FIG. 7.

Permeabilization of calcein-loaded liposomes by purified S protein. (A) Kinetics of dye release by holin and alpha-hemolysin. Total release is effected by adding 0.05% Triton X-100 (○). Relative fluorescence was monitored continuously for the first 5 min. Single point measurements were taken between 10 and 20 min postaddition of protein.

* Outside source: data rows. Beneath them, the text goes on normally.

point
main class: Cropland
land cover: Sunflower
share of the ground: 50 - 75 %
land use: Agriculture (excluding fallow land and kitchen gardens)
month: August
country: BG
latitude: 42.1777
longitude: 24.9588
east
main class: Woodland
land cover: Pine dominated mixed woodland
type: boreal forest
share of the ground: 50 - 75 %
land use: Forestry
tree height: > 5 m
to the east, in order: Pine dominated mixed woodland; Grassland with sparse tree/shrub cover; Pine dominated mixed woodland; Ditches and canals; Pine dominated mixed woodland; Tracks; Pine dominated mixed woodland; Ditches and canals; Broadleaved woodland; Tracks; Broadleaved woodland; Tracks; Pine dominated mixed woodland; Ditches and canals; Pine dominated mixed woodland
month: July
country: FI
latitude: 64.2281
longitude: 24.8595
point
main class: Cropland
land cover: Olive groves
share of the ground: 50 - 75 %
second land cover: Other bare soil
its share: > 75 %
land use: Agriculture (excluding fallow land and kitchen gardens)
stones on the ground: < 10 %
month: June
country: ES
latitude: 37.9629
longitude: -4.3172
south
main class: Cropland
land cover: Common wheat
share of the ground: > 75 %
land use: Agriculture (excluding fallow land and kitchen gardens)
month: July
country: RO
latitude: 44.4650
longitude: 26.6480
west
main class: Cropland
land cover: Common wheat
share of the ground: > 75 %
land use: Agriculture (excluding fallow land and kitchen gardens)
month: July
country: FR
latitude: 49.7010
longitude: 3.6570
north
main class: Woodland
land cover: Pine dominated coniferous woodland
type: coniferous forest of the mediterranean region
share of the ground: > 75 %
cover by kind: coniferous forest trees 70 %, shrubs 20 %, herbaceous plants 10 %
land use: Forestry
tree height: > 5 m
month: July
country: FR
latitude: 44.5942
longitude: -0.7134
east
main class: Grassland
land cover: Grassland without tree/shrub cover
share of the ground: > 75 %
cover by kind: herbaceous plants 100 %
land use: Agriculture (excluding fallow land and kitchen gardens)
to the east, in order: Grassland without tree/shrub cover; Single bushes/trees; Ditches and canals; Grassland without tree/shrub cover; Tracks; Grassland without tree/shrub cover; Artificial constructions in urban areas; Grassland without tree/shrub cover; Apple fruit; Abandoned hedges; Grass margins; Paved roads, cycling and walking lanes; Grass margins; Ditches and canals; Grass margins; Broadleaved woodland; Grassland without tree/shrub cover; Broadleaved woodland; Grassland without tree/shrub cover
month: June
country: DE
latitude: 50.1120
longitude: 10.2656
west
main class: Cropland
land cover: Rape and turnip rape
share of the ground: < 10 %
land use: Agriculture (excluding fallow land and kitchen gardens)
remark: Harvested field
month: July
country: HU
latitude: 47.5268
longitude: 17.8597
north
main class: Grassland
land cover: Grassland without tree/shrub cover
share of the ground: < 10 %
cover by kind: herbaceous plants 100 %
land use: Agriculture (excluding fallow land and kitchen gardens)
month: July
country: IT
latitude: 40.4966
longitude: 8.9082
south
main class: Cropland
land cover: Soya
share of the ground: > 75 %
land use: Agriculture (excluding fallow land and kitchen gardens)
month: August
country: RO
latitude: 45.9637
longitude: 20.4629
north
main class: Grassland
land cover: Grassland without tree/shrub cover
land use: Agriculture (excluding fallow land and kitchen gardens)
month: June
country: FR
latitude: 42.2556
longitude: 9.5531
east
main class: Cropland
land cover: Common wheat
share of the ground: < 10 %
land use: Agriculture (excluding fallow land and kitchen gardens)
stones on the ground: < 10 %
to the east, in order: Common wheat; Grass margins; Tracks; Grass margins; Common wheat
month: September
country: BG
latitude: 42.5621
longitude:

Amounts of protein added to initiate the assay were as follows: 8.75 μg of alpha-hemolysin (□), 15.2 μg of S105H94 (⧫), 3.8 μg of S105H94 (◊), and 17.6 μg of S105H94a52v (▿). (B) Sequential amounts (1.9 μg) of S105H94 were added to calcein-loaded liposomes, as indicated by the vertical arrows. Fluorescence was monitored continuously. (C) Pretreatment of calcein-loaded liposomes with a S105H94a52v. Maximum release of dye was established by addition of 0.05% Triton X-100 (⧫). A baseline signal was established by adding an equal volume of 6 M GdnHCl in TBS (◊). At point a, 7.6 μg of S105H94 protein (+) or 8.8 μg of S105H94a52v protein (○) was mixed separately with calcein-loaded liposomes, and fluorescence was monitored for 1 h. At point b, 7.6 μg of S105H94 was then added to both S105 (+) and S105H94 (⊕) samples, and fluorescence was monitored.